Leslie made three phone calls—one to another R-
3
, one to the chief resident, and the third to an airline—and called Kathleen back.
“I’m going to fly to Boston early tomorrow morning,” she told her.
“Thank you,” Kathleen whispered gratefully. She hadn’t expected it, but she wouldn’t protest. She needed help.
They didn’t say the words, but the emotion and tension in their voices articulated fear. Leslie wondered what Kathleen feared. Was it simply fear of losing Mark? Or was it the bone-chilling fear that Leslie felt? The fear that Mark was planning something more than quitting medicine.
She feared that he was carefully, meticulously planning to kill himself. The
best
planned suicide ever. Planned to look like an accident.
“What shall I tell Mark?” Kathleen asked helplessly. She couldn’t think of a plausible reason to explain Leslie’s sudden visit.

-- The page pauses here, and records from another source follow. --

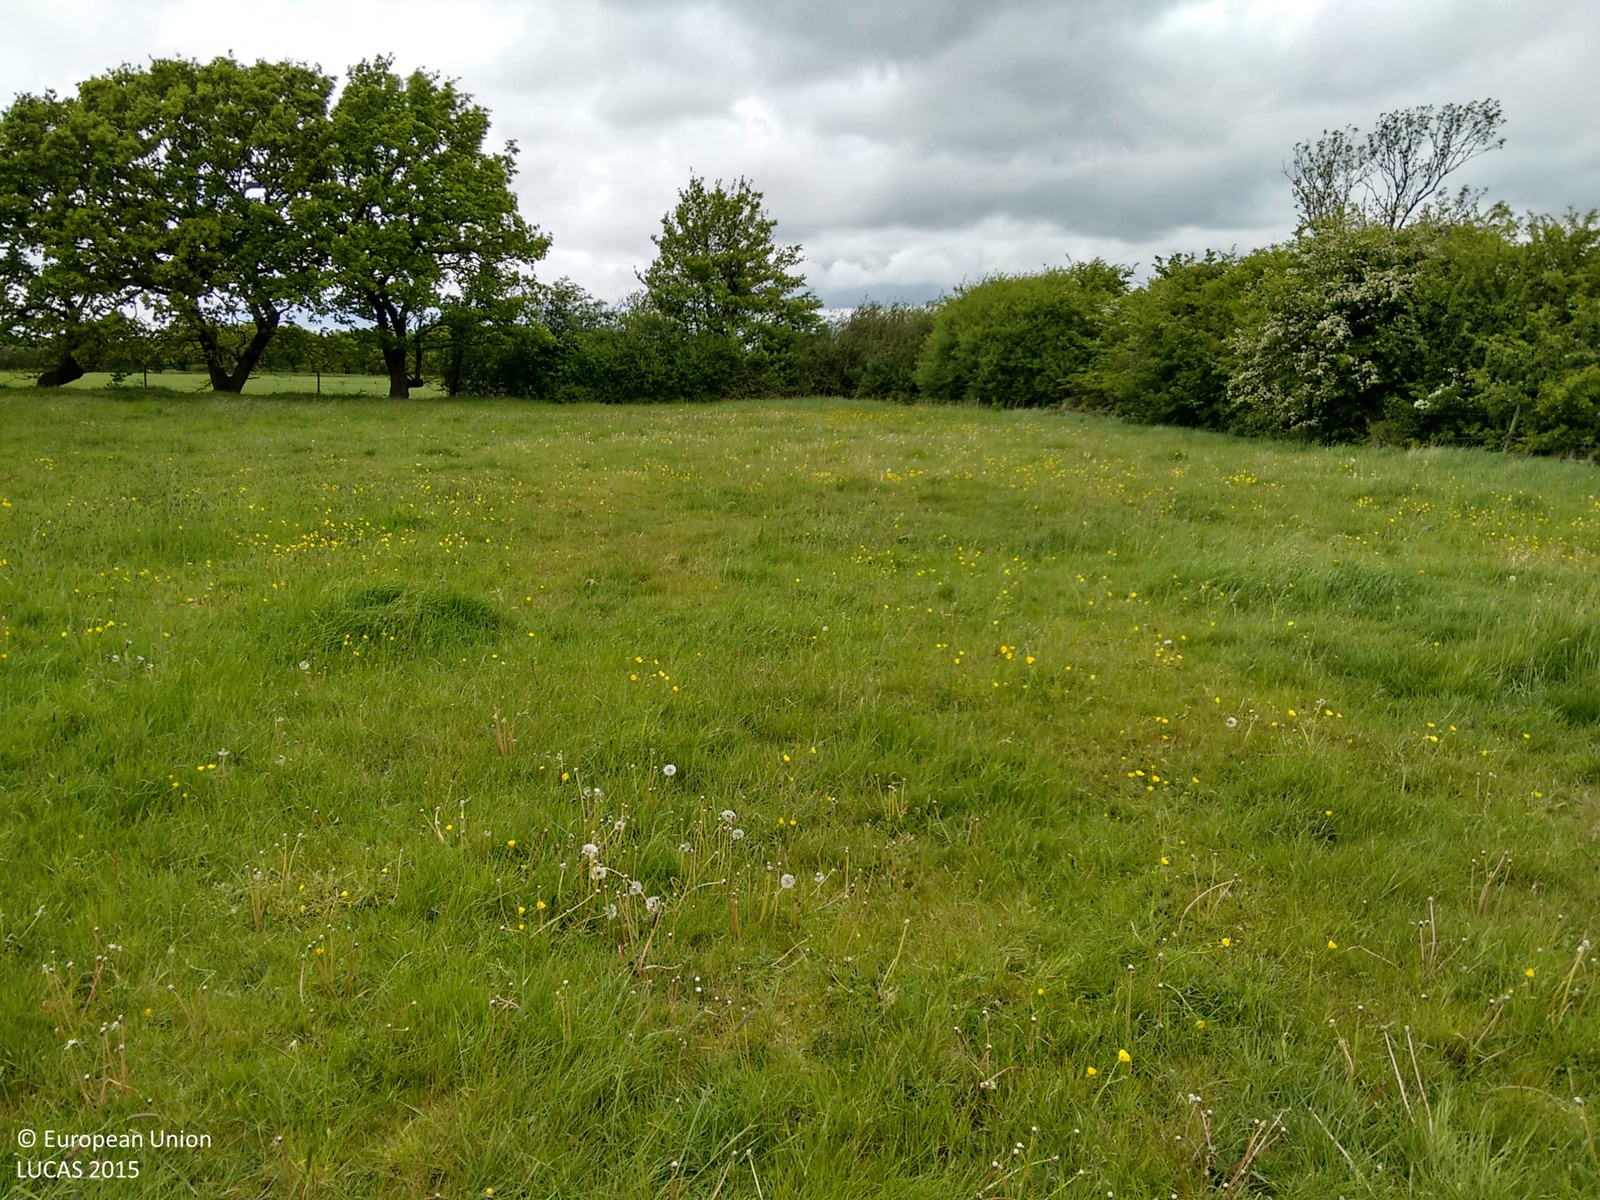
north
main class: Grassland
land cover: Grassland without tree/shrub cover
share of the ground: > 75 %
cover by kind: herbaceous plants 100 %
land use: Agriculture (excluding fallow land and kitchen gardens)
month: May
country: GB
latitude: 53.6397
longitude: -1.0398
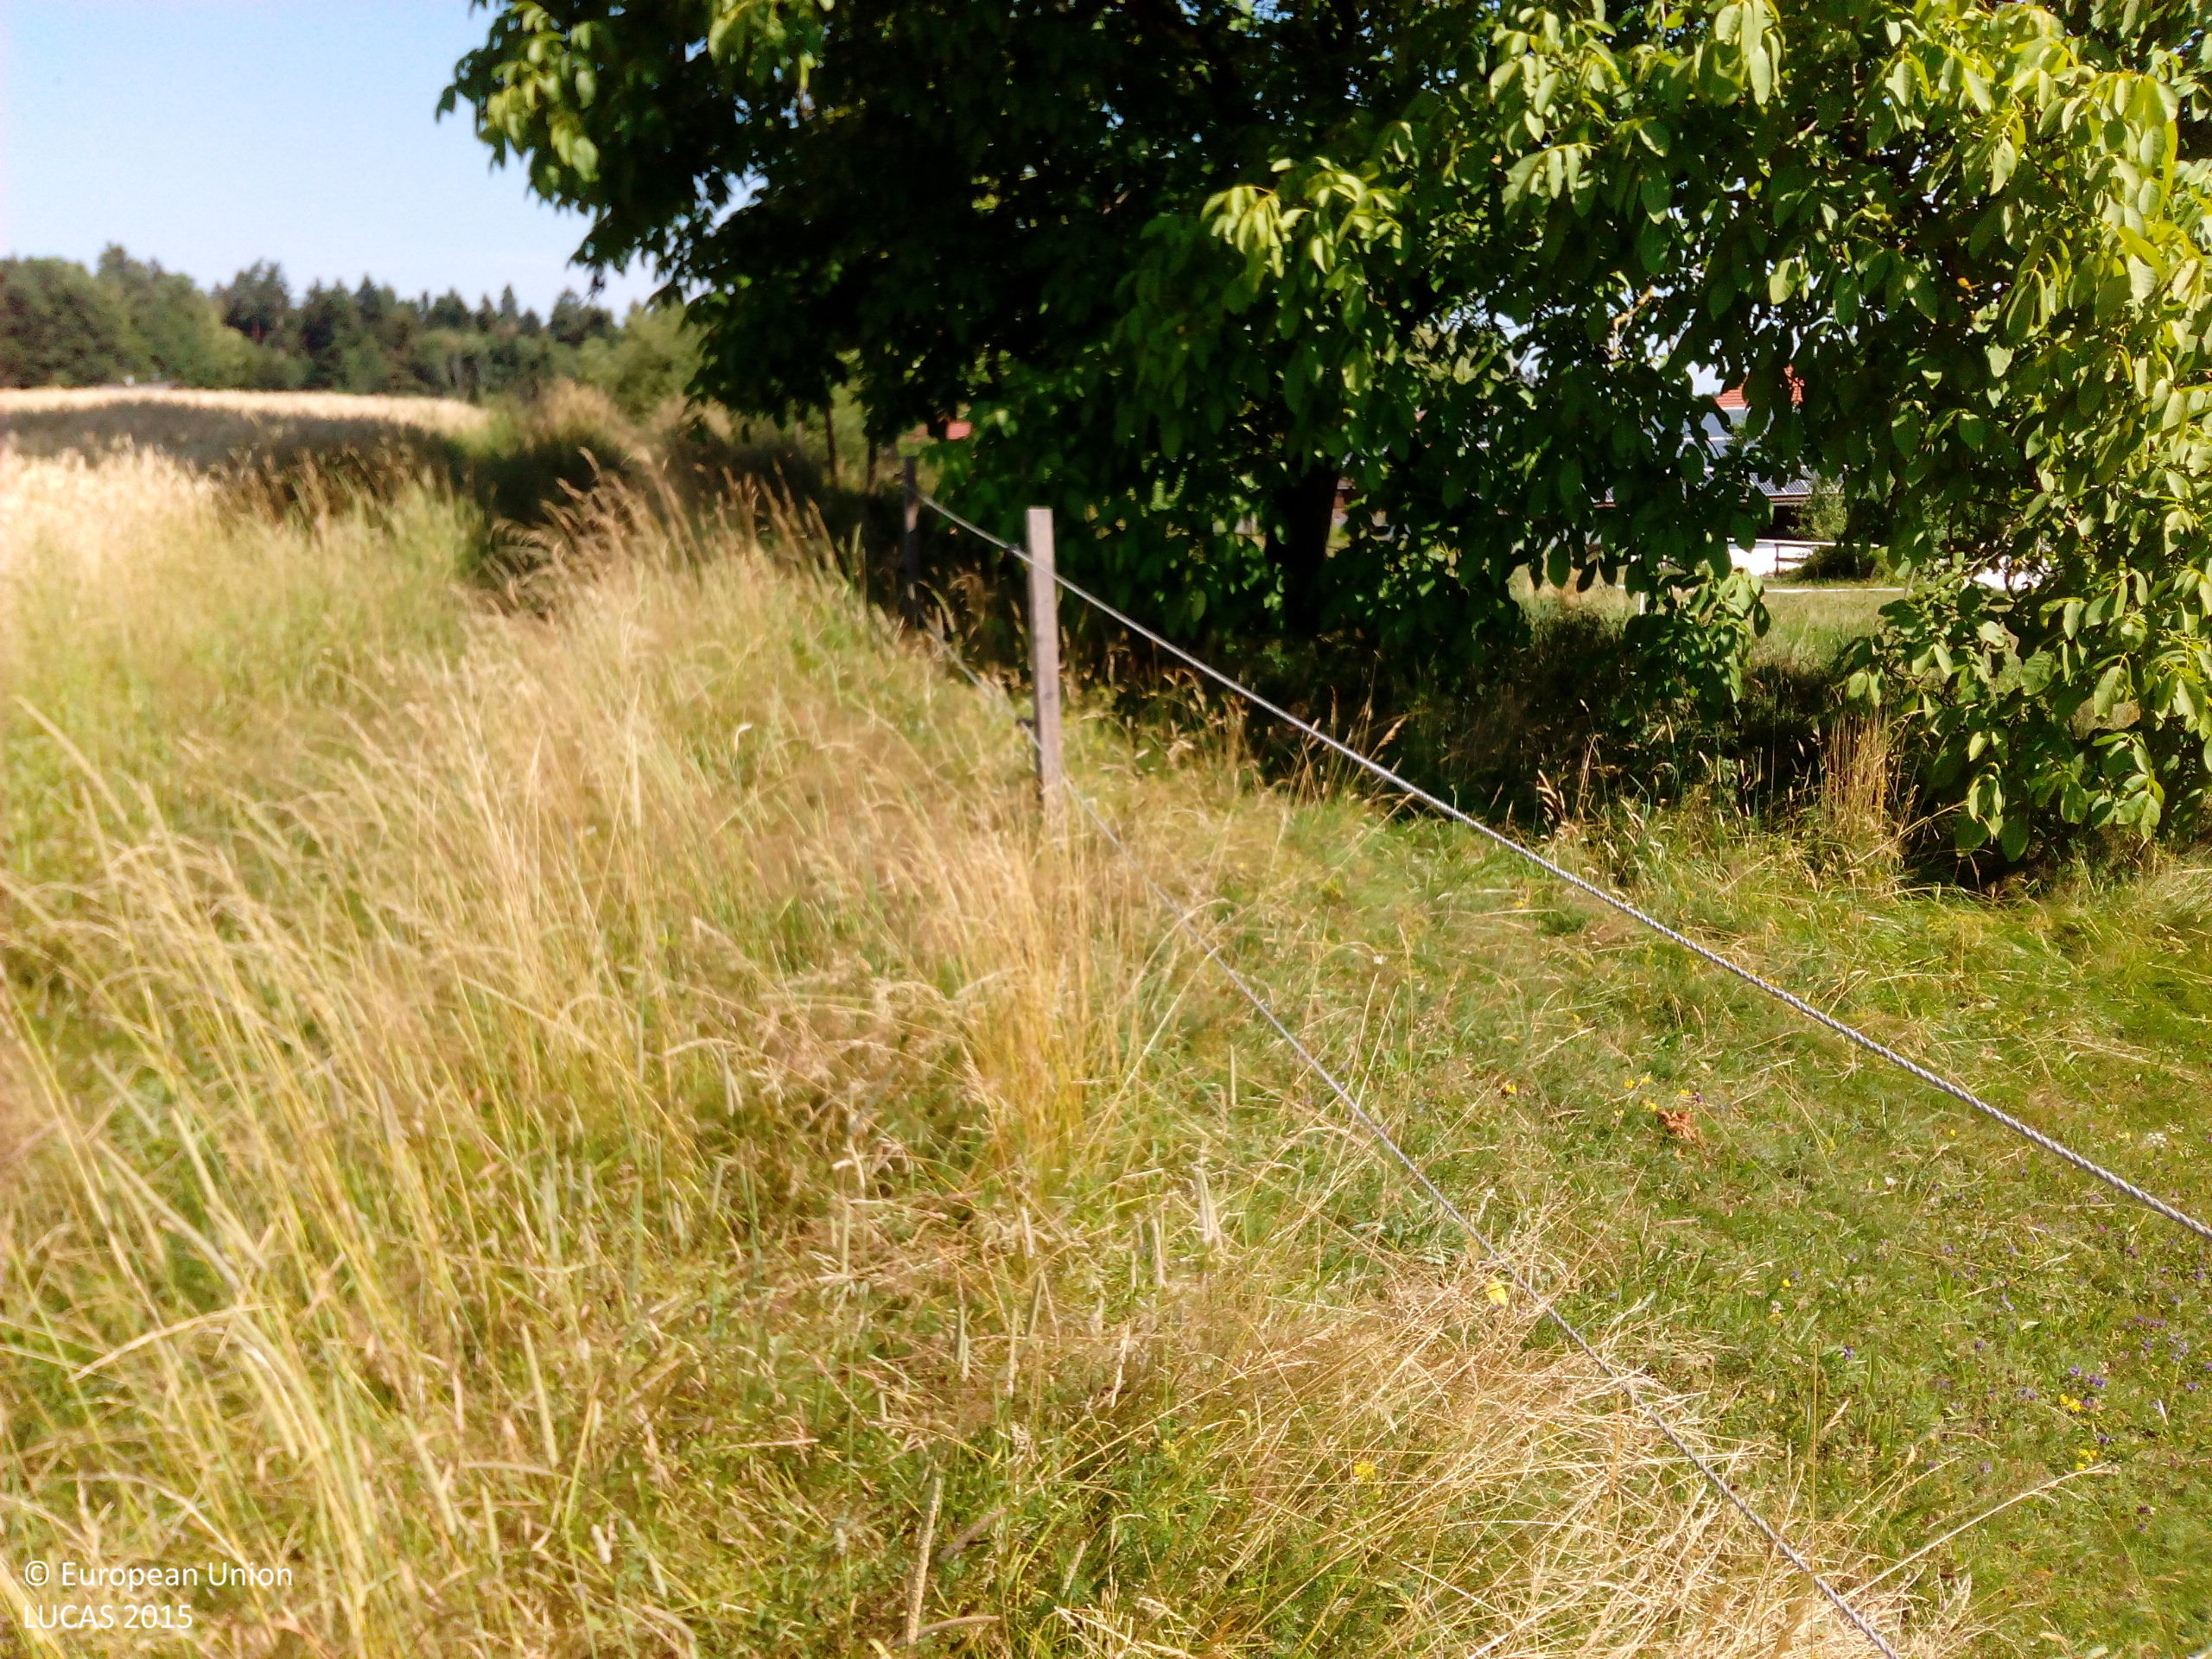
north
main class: Cropland
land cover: Apple fruit
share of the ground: 10 - 25 %
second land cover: Grassland without tree/shrub cover
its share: > 75 %
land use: Agriculture (excluding fallow land and kitchen gardens)
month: July
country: DE
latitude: 48.5805
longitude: 12.9408
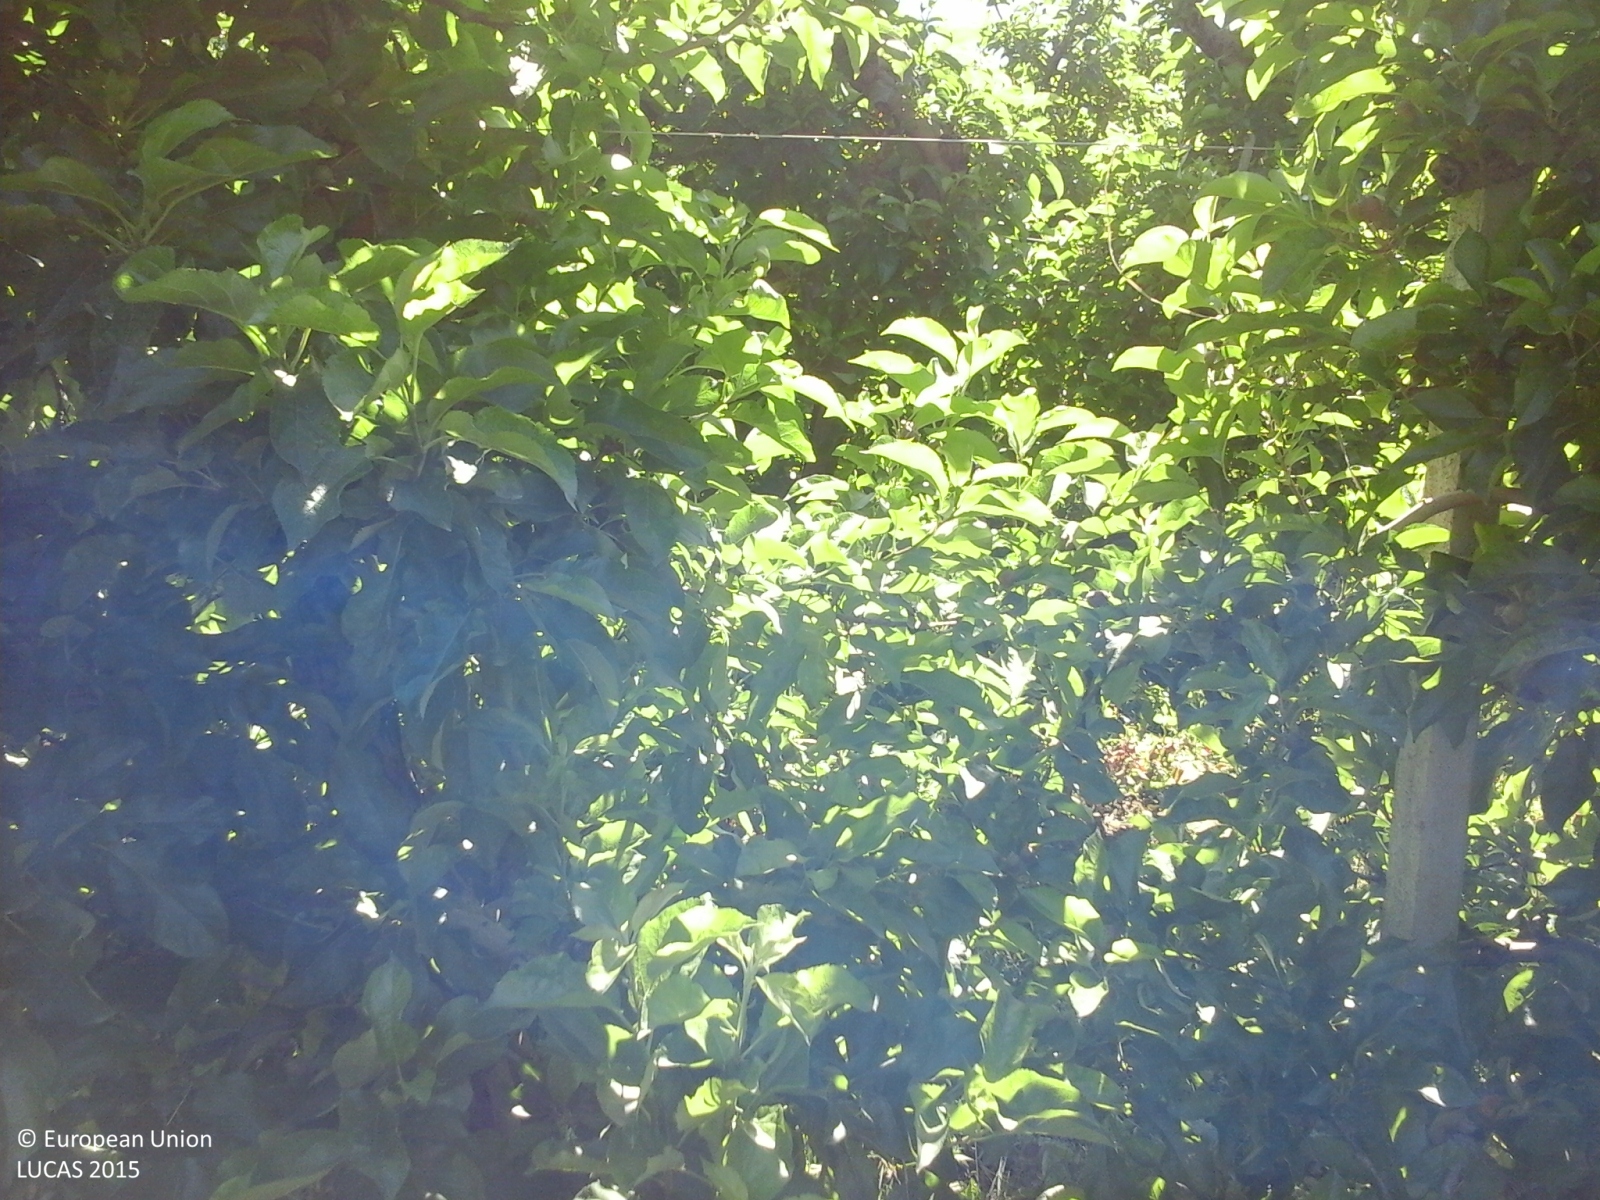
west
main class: Cropland
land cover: Apple fruit
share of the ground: > 75 %
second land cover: Grassland without tree/shrub cover
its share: > 75 %
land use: Agriculture (excluding fallow land and kitchen gardens)
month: May
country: IT
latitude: 46.6178
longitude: 10.8739

Leslie thought for a moment. Then she sighed.
“Tell him that I need to get out of San Francisco for a few days because I just broke up with Eric,” Leslie said slowly, with great effort. Her words made her ache deep inside, but her words were, simply, the truth.
“Thank you for coming to meet me,” Leslie said to a gaunt, strained Kathleen. Her healthy vivaciousness was gone. She looked sallow and weary. It wasn’t a change that had taken place overnight.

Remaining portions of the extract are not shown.